(Record extracts Opens)

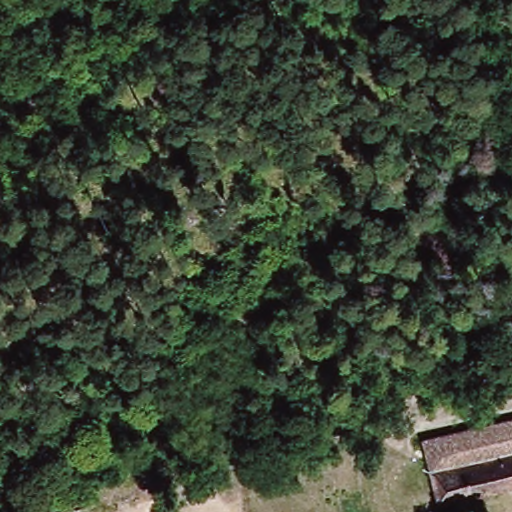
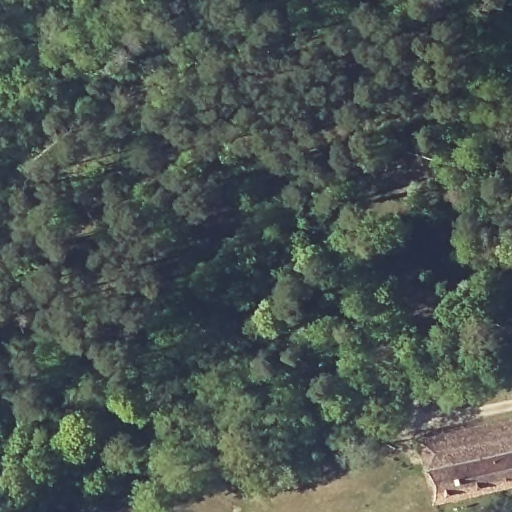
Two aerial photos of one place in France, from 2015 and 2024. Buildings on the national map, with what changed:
unchanged [(512,423),(512,487),(440,505),(425,442),(512,423)]

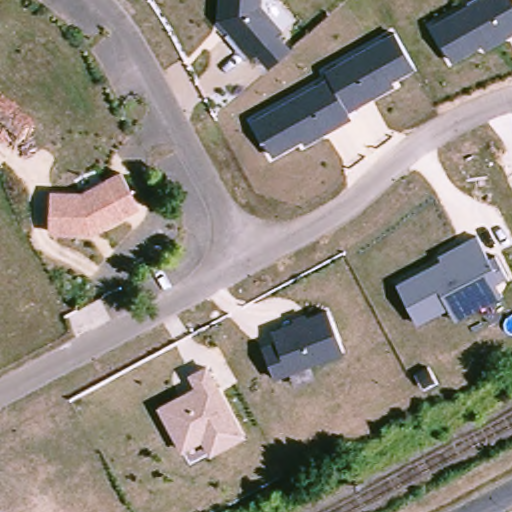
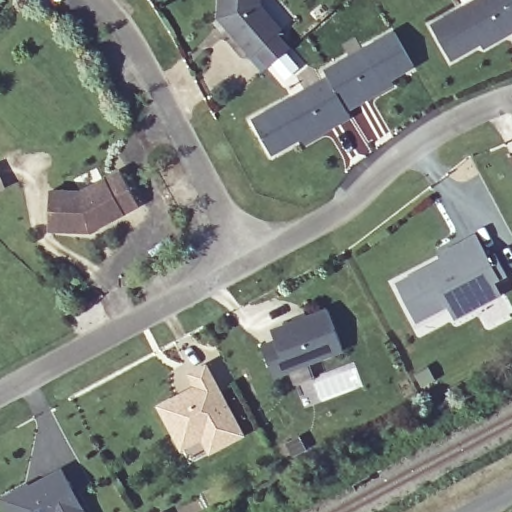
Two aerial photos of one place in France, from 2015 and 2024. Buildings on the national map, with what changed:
unchanged [(263,2),(284,29),(278,34),(290,49),(265,68),(255,54),(249,58),(216,21),(218,0),(264,0),(263,2)]
unchanged [(476,0),(512,0),(512,27),(449,61),(430,26),(476,0)]
unchanged [(394,30),(415,68),(393,80),(396,86),(348,112),(327,76),(323,69),(394,30)]
unchanged [(351,117),(305,144),(302,139),(272,157),(251,119),(327,76),(348,112),(351,117)]
unchanged [(84,188),(119,168),(141,208),(88,234),(47,233),(48,188),(84,188)]
unchanged [(487,257),(494,253),(507,276),(497,281),(503,294),(454,320),(448,308),(417,324),(396,282),(439,258),(436,254),(476,233),(487,257)]
unchanged [(274,338),(271,328),(292,320),(289,314),(306,307),(309,314),(329,307),(345,350),(272,378),(260,344),(274,338)]
unchanged [(185,373),(206,362),(245,436),(207,456),(200,441),(179,451),(156,405),(192,387),(185,373)]
new [(0,496),(27,483),(29,486),(62,468),(86,512),(8,512),(0,498),(0,496)]

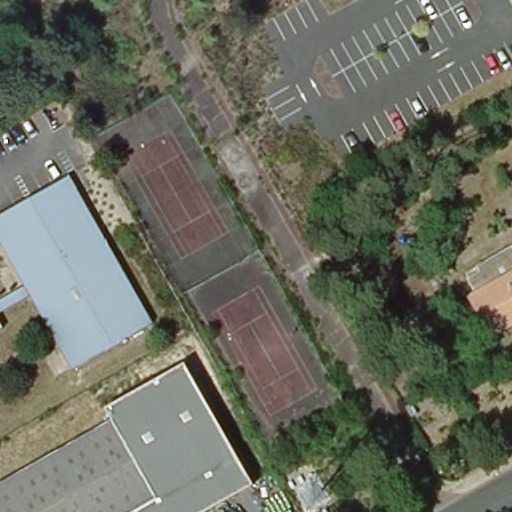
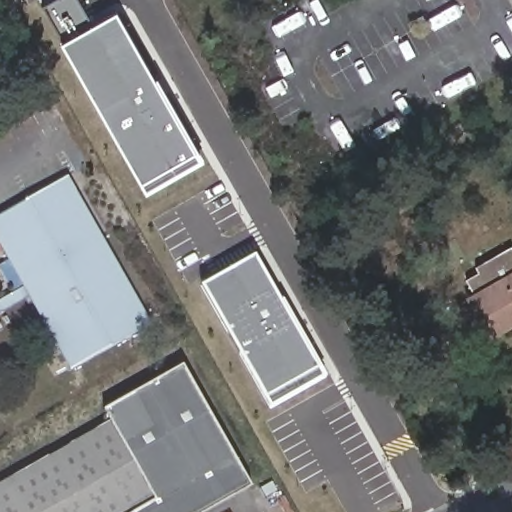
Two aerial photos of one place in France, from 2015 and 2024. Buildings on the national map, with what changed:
new [(57,0),(77,0),(92,27),(116,14),(193,156),(141,183),(65,42),(45,6),(57,0)]
unchanged [(0,247),(0,216),(66,178),(149,323),(69,367),(29,297),(0,313),(0,300),(24,287),(0,247)]
unchanged [(498,333),(479,300),(476,303),(465,285),(478,278),(476,272),(511,252),(512,254),(512,325),(498,333)]
new [(315,372),(266,399),(205,286),(255,259),(315,372)]
unchanged [(0,329),(0,326),(1,328),(0,329)]
unchanged [(156,503),(110,425),(104,413),(184,367),(252,490),(212,512),(140,512),(156,503)]
unchanged [(140,512),(0,512),(0,488),(110,425),(156,503),(140,512)]

(Record extracts Closes)

The listing above must be repeated exactly. Its pictures are not part of the copy.

◆ Written solution ◆
Two aerial photos of one place in France, from 2015 and 2024. Buildings on the national map, with what changed:
unchanged [(512,423),(512,487),(440,505),(425,442),(512,423)]

Two aerial photos of one place in France, from 2015 and 2024. Buildings on the national map, with what changed:
unchanged [(263,2),(284,29),(278,34),(290,49),(265,68),(255,54),(249,58),(216,21),(218,0),(264,0),(263,2)]
unchanged [(476,0),(512,0),(512,27),(449,61),(430,26),(476,0)]
unchanged [(394,30),(415,68),(393,80),(396,86),(348,112),(327,76),(323,69),(394,30)]
unchanged [(351,117),(305,144),(302,139),(272,157),(251,119),(327,76),(348,112),(351,117)]
unchanged [(84,188),(119,168),(141,208),(88,234),(47,233),(48,188),(84,188)]
unchanged [(487,257),(494,253),(507,276),(497,281),(503,294),(454,320),(448,308),(417,324),(396,282),(439,258),(436,254),(476,233),(487,257)]
unchanged [(274,338),(271,328),(292,320),(289,314),(306,307),(309,314),(329,307),(345,350),(272,378),(260,344),(274,338)]
unchanged [(185,373),(206,362),(245,436),(207,456),(200,441),(179,451),(156,405),(192,387),(185,373)]
new [(0,496),(27,483),(29,486),(62,468),(86,512),(8,512),(0,498),(0,496)]

Two aerial photos of one place in France, from 2015 and 2024. Buildings on the national map, with what changed:
new [(57,0),(77,0),(92,27),(116,14),(193,156),(141,183),(65,42),(45,6),(57,0)]
unchanged [(0,247),(0,216),(66,178),(149,323),(69,367),(29,297),(0,313),(0,300),(24,287),(0,247)]
unchanged [(498,333),(479,300),(476,303),(465,285),(478,278),(476,272),(511,252),(512,254),(512,325),(498,333)]
new [(315,372),(266,399),(205,286),(255,259),(315,372)]
unchanged [(0,329),(0,326),(1,328),(0,329)]
unchanged [(156,503),(110,425),(104,413),(184,367),(252,490),(212,512),(140,512),(156,503)]
unchanged [(140,512),(0,512),(0,488),(110,425),(156,503),(140,512)]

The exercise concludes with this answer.